Skip to main content

semgrep integration

Semgrep is a multi-language static analysis engine — Python, Go, Java, JavaScript/TypeScript, Ruby, C#, PHP, Scala, Kotlin, Swift, Terraform, Dockerfile, generic, and more. It ships with curated rulesets (p/security-audit, p/owasp-top-ten, language-specific packs) and accepts user-authored YAML rules.

Cilock doesn't replace Semgrep. It runs the same semgrep ... --sarif --output ... command you already use and turns the SARIF report into a signed v0.3 in-toto attestation that records the exact argv, the materials Semgrep read, the SARIF file Semgrep produced, and the structured findings — all in one envelope that policy can evaluate later.

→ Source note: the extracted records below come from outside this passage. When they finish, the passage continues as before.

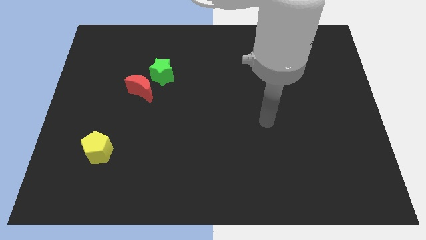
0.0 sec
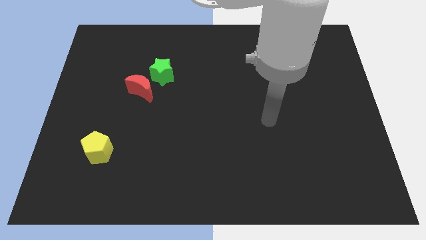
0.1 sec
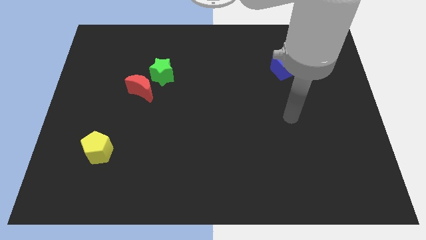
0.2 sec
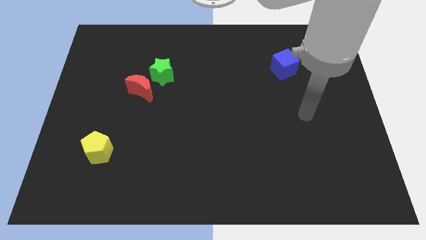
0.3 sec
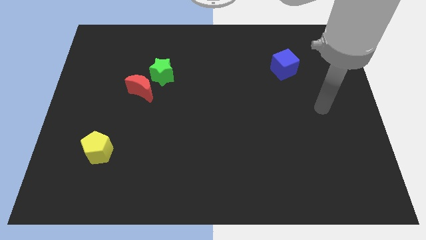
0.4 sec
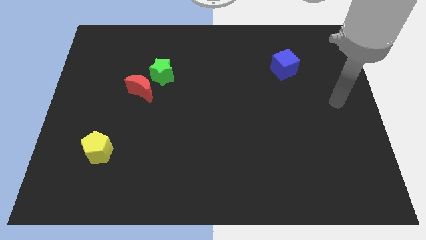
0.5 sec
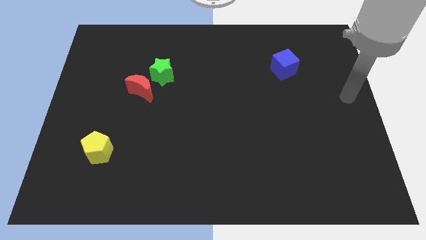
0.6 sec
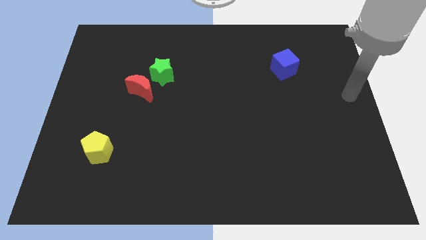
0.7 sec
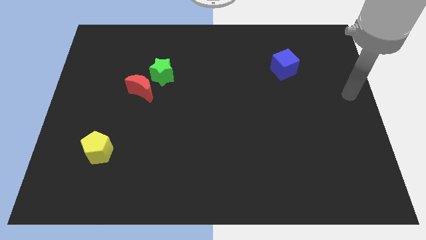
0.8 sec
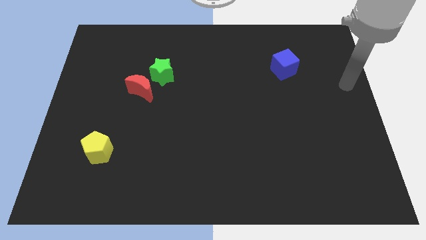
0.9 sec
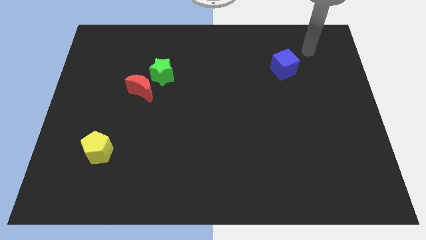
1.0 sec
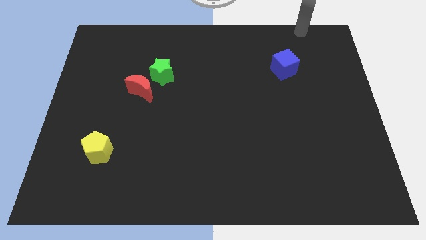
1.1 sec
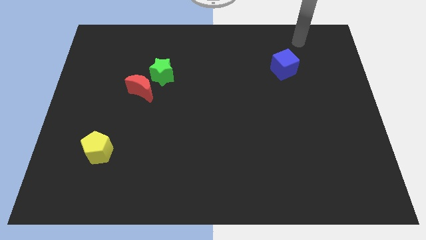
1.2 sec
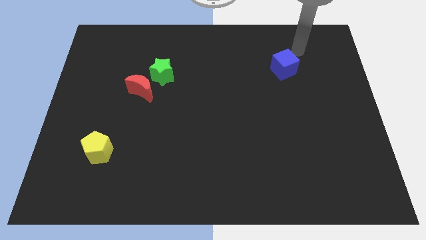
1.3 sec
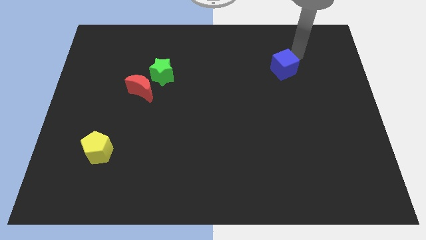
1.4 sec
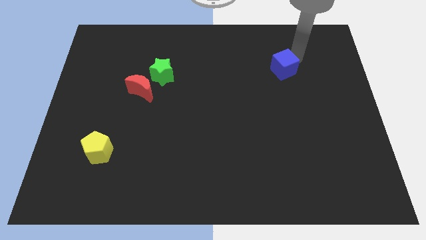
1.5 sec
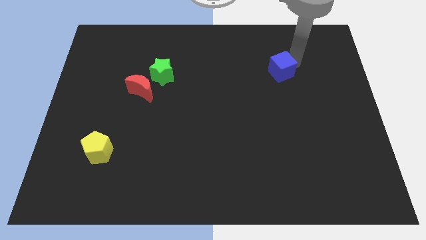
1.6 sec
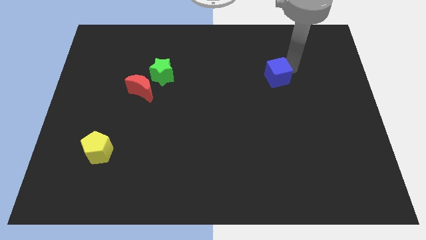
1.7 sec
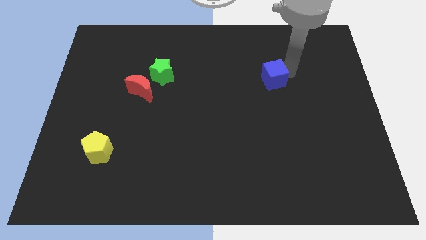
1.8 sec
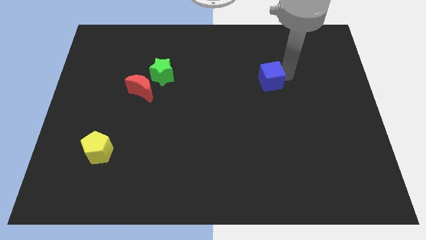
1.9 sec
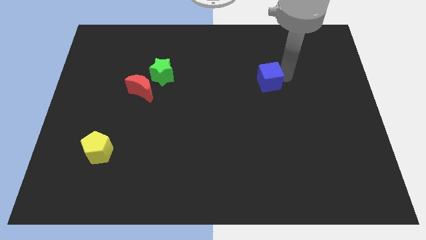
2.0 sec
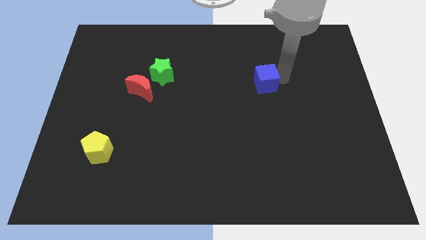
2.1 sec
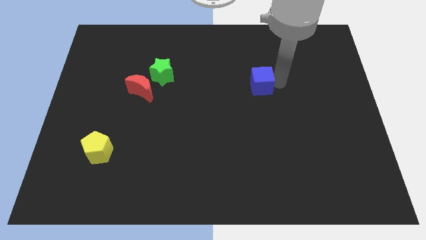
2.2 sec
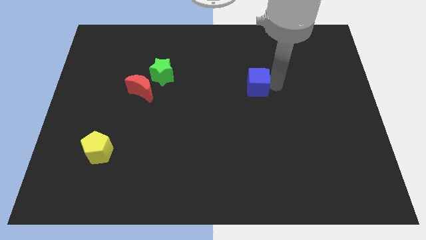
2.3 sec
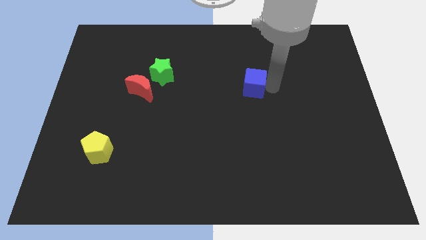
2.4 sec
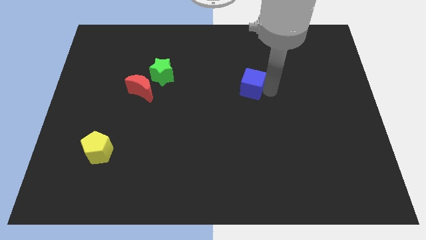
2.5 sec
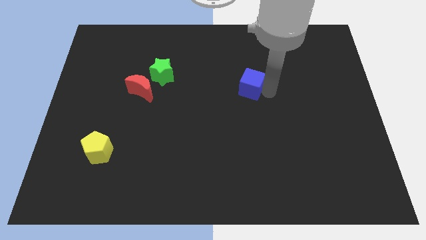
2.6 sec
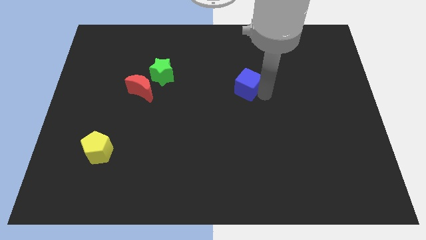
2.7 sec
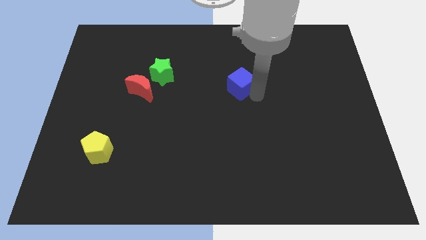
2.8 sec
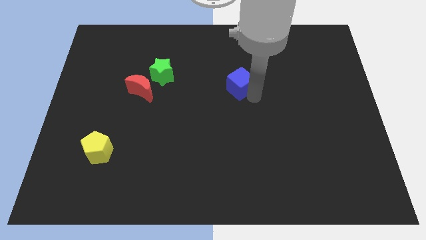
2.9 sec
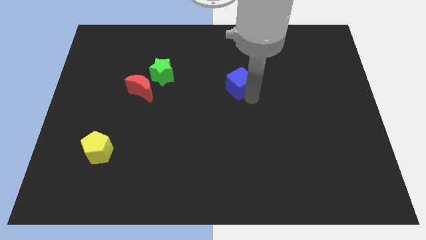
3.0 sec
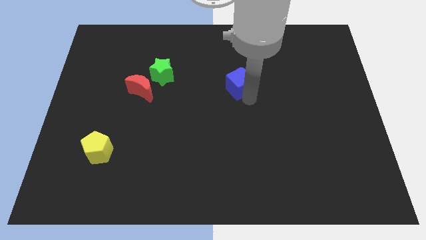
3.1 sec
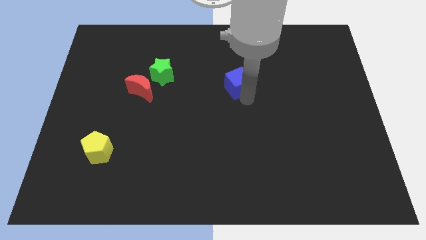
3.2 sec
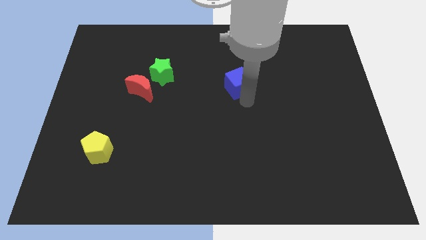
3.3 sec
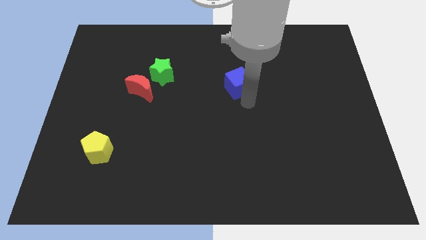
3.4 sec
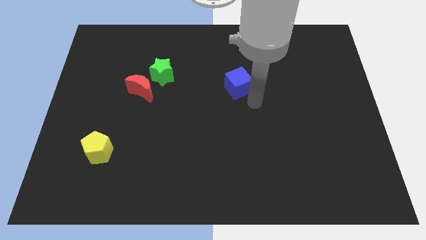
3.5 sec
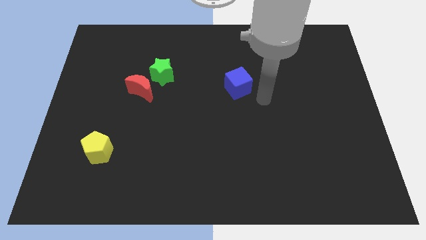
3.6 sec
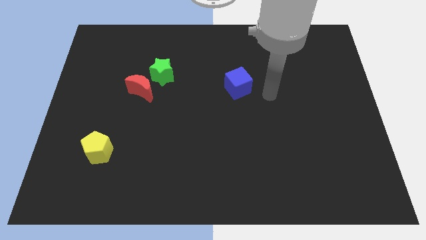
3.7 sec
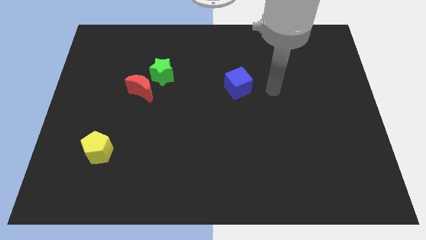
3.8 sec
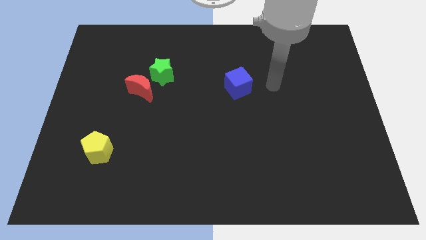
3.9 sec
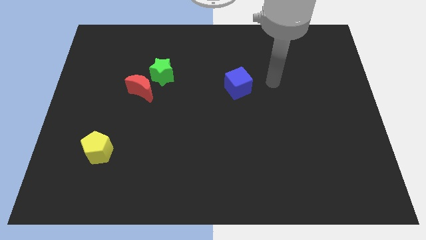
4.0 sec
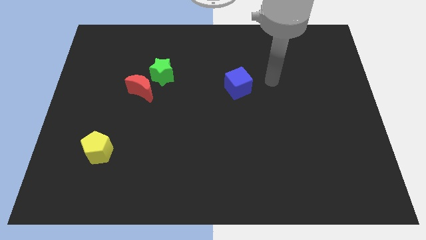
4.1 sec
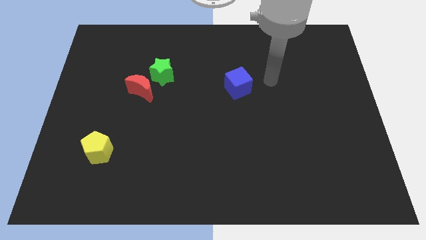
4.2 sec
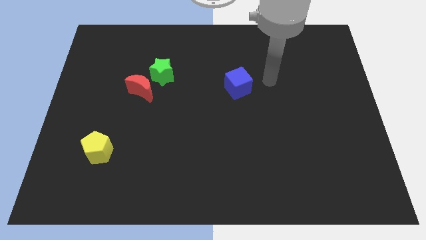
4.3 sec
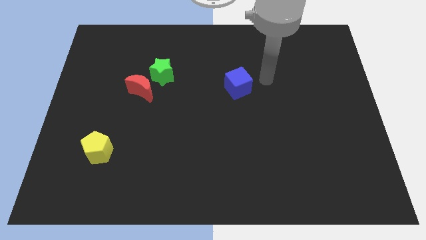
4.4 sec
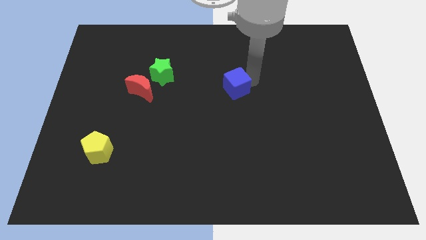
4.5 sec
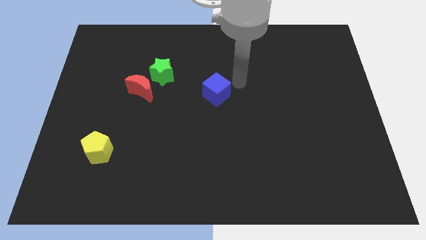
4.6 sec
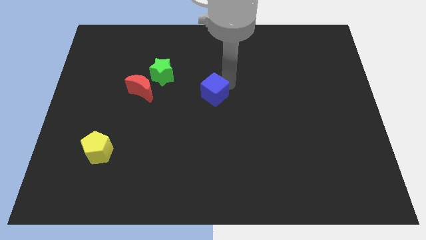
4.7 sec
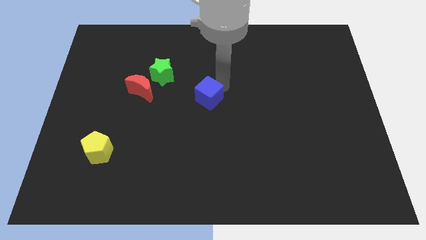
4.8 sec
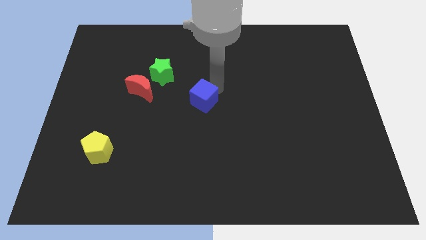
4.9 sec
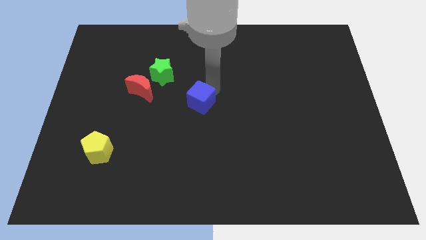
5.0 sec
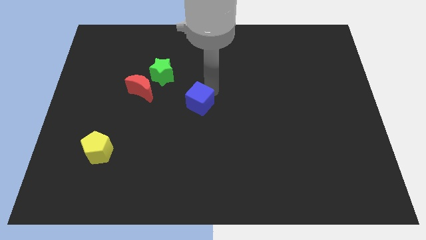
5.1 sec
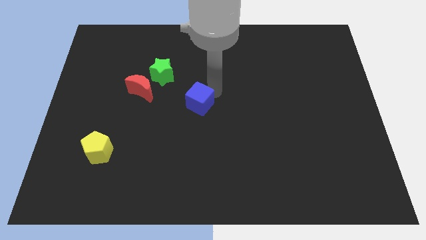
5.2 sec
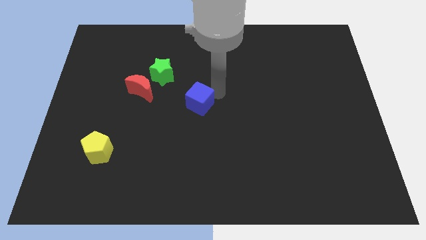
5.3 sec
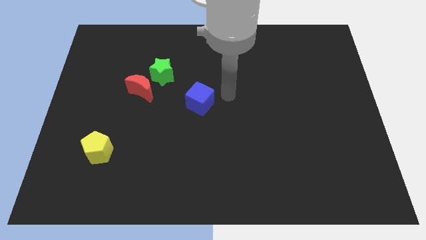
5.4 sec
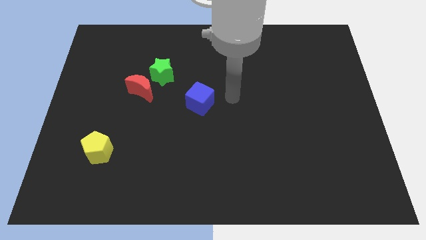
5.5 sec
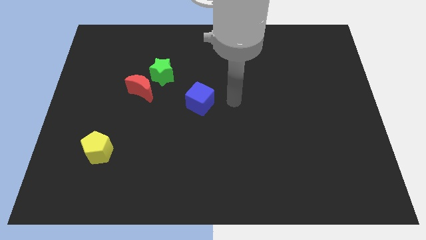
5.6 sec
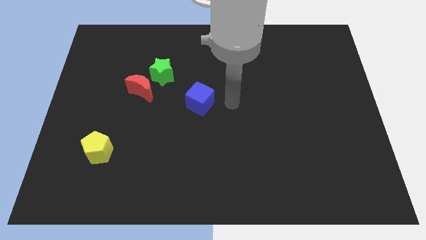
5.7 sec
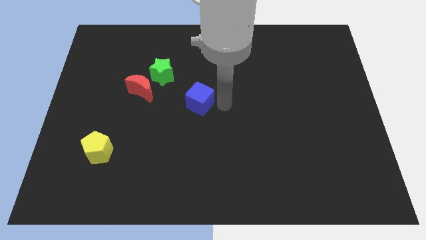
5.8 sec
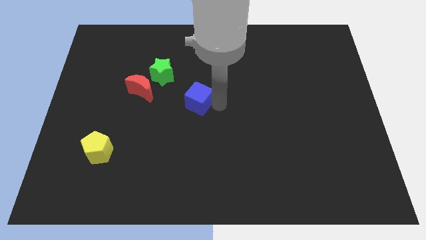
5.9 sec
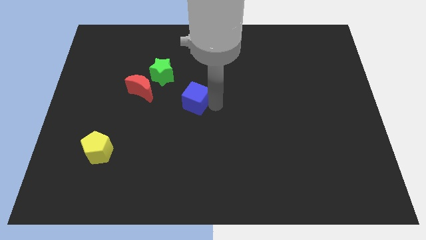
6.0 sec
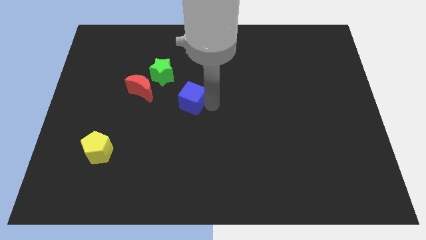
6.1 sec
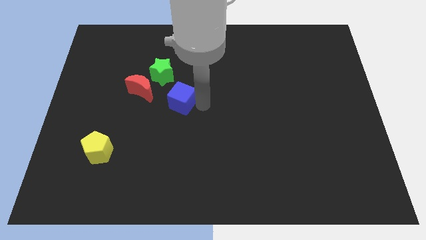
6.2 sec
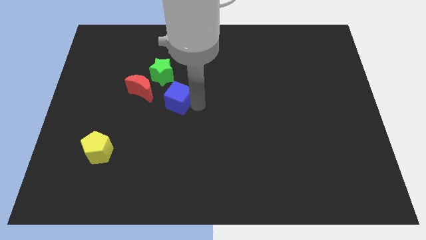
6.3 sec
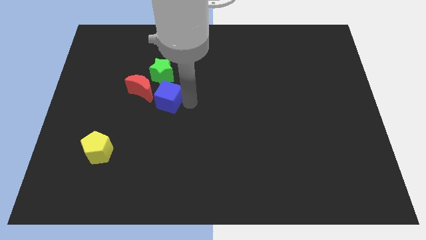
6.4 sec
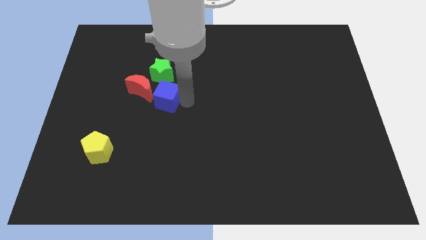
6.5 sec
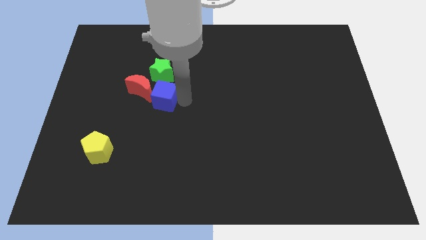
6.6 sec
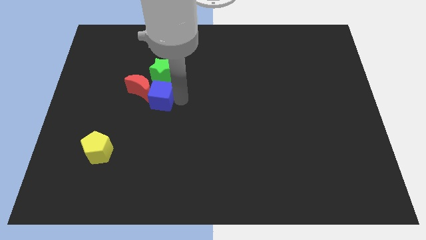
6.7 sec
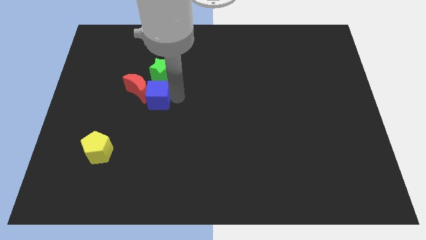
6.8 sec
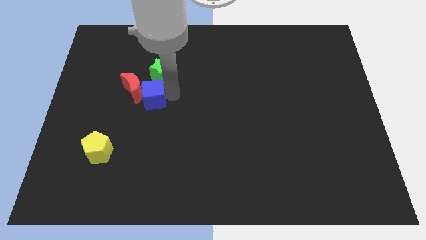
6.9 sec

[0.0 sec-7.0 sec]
push the blue cube to the red moon

UpstreamSemgrep · Semgrep Inc. · LGPL-2.1-only
Categoryvulnerability-scan (primary)
Catalog sourcecatalog-only (detected; output captured via a format attestor)
Emits formatsarif
Recommended traceoff — no syscall tracing needed
Detected when
  • preargv_prefix: semgrep

Confirm cilock detects it:

cilock plan --format=json -- semgrep [...]

The facts in this box are generated from the cilock binary's own catalog (cilock tools list). Do not hand-edit — run npm run gen:catalog.

Validated invocation

cilock run --step semgrep-scan \
--signer-file-key-path _validation/key.pem \
--outfile attestation.json \
--attestations sarif,environment,git \
--enable-archivista=false \
-- semgrep --config p/security-audit --sarif --output semgrep.sarif fixture/

--config p/security-audit uses a bundled Semgrep Registry ruleset and runs without a Semgrep account or API key. --config auto works too but requires network access to the Semgrep Registry so it can resolve the project-appropriate ruleset.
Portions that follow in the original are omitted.